In [70]:
import pandas as pd
import geopandas as gpd
from shapely.geometry import Point

### read CSV
property_file_path = '..data/curated/property/property 2.csv'
property_data = pd.read_csv(property_file_path)

property_data['geometry'] = property_data.apply(lambda row: Point(row['longitude'], row['latitude']), axis=1)
property_gdf = gpd.GeoDataFrame(property_data, geometry='geometry', crs='EPSG:4326')

### SA2 layer
file_path = '../data/extracted_files/G01_VIC_GDA2020.gpkg'
gdf_sa2 = gpd.read_file(file_path, layer='G01_SA2_2021_VIC')
gdf_sa2 = gdf_sa2.to_crs(epsg=4326)
merged_gdf = gpd.sjoin(property_gdf, gdf_sa2[['SA2_CODE_2021', 'SA2_NAME_2021', 'geometry']], how='left', op='within')

### save
output_file_path = '../data/raw/property/merged_property_sa2_data.csv'
merged_gdf.drop_duplicates(subset='address', inplace=True)
merged_gdf[['address', 'SA2_CODE_2021', 'SA2_NAME_2021']].to_csv(output_file_path, index=False)
print('saved')

saved


  if await self.run_code(code, result, async_=asy):


In [71]:
import pandas as pd

# read all files 
property_file = '..data/curated/property/property 2.csv'
police_stations_file = '../data/curated/external/API/2/closest_supermarkets_distance_final_2.csv'
schools_file = '../data/curated/external/API/2/closest_school_distance_final_2.csv'
stations_file = '../data/curated/external/API/2/closest_stations_distance_final_2.csv'
supermarkets_file = '../data/curated/external/API/2/closest_supermarket_distance_final_2.csv.csv'
cbd_file = '../data/curated/external/API/2/closest_cbd_distance_final_2.csv'
gym_file = '../data/curated/external/API/2/closest_gym_distance_final_2.csv'
library_file = '../data/curated/external/API/2/closest_library_distance_final_2.csv'
new_merged_file = '../data/raw/property/merged_property_sa2_data.csv'

property_df = pd.read_csv(property_file)
police_df = pd.read_csv(police_stations_file)
schools_df = pd.read_csv(schools_file)
stations_df = pd.read_csv(stations_file)
supermarkets_df = pd.read_csv(supermarkets_file)
cbd_df = pd.read_csv(cbd_file)
gym_df = pd.read_csv(gym_file)
library_df = pd.read_csv(library_file)
new_merged_df = pd.read_csv(new_merged_file)

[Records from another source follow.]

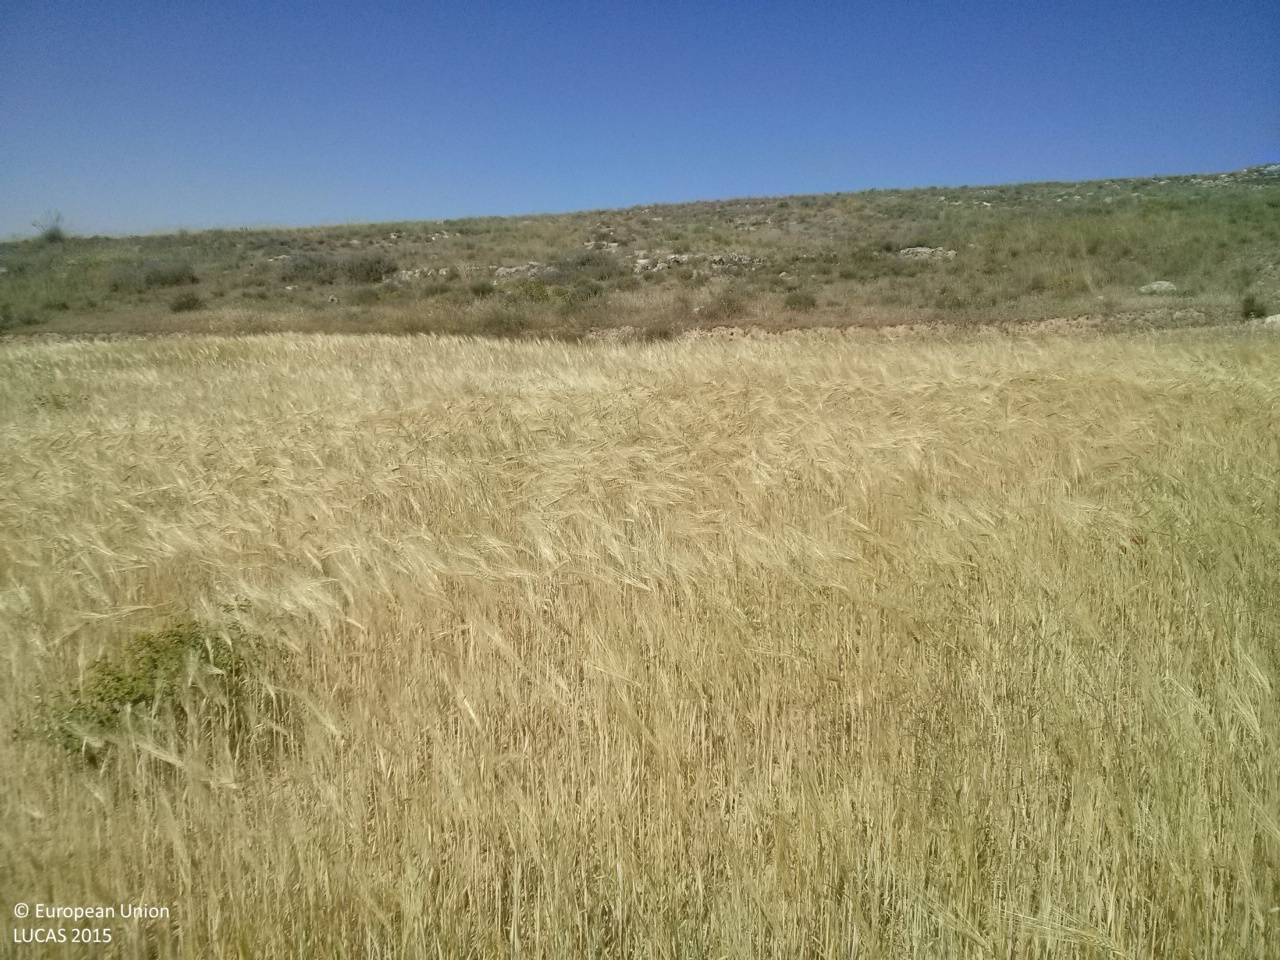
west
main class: Cropland
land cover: Barley
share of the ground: > 75 %
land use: Agriculture (excluding fallow land and kitchen gardens)
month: May
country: ES
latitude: 40.3285
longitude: -2.6054

# Rename all 'rent_address' columns 'address'
dfs = [police_df, schools_df, stations_df, supermarkets_df, cbd_df, gym_df,library_df]
for df in dfs:
    df.rename(columns={'rent_address': 'address'}, inplace=True)

police_df.rename(columns={'minimum_distance_police_station': 'minimum_distance_police'}, inplace=True)

# Merge all data into the property data in turn, using 'rent_address' as the merge key
merged_df = property_df.merge(police_df, on='address', how='left')
merged_df = merged_df.merge(schools_df, on='address', how='left')
merged_df = merged_df.merge(stations_df, on='address', how='left')
merged_df = merged_df.merge(supermarkets_df, on='address', how='left')
merged_df = merged_df.merge(cbd_df, on='address', how='left')
merged_df = merged_df.merge(gym_df, on='address', how='left')
merged_df = merged_df.merge(library_df, on='address', how='left')

# Merge the newly uploaded data with the previously merged results
merged_df = new_merged_df.merge(merged_df, on='address', how='left')

# Delete the 'Unnamed: 0' and 'agentName' columns
merged_df.drop(columns=['Unnamed: 0', 'agentName'], inplace=True)

# Remove the column containing the 'unknown' value
merged_df = merged_df.loc[:, ~(merged_df == 'unknown').any()]


In [72]:
sa2_file = '../data/curated/external/SA2/sa2final.csv'
sa2_df = pd.read_csv(sa2_file)

# Rename the 'sa2code' column 'SA2_CODE_2021' for merging
sa2_df.rename(columns={'SA2 code': 'SA2_CODE_2021'}, inplace=True)
# Merge as per column 'SA2_CODE_2021'
merged_df = pd.merge(merged_df, sa2_df, on='SA2_CODE_2021', how='left')

In [None]:
price_post = pd.read_csv('../data/curated/external/unique_postcode_price.csv')
uni_school = pd.read_csv('../data/raw/external/school/postcode_school.csv')

unique_price_df = pd.read_csv(price_post)
postcode_school_df = pd.read_csv(uni_school)

# Rename the 'Address_Postcode' column to 'postcode' for merge
postcode_school_df.rename(columns={'Address_Postcode': 'postcode'}, inplace=True)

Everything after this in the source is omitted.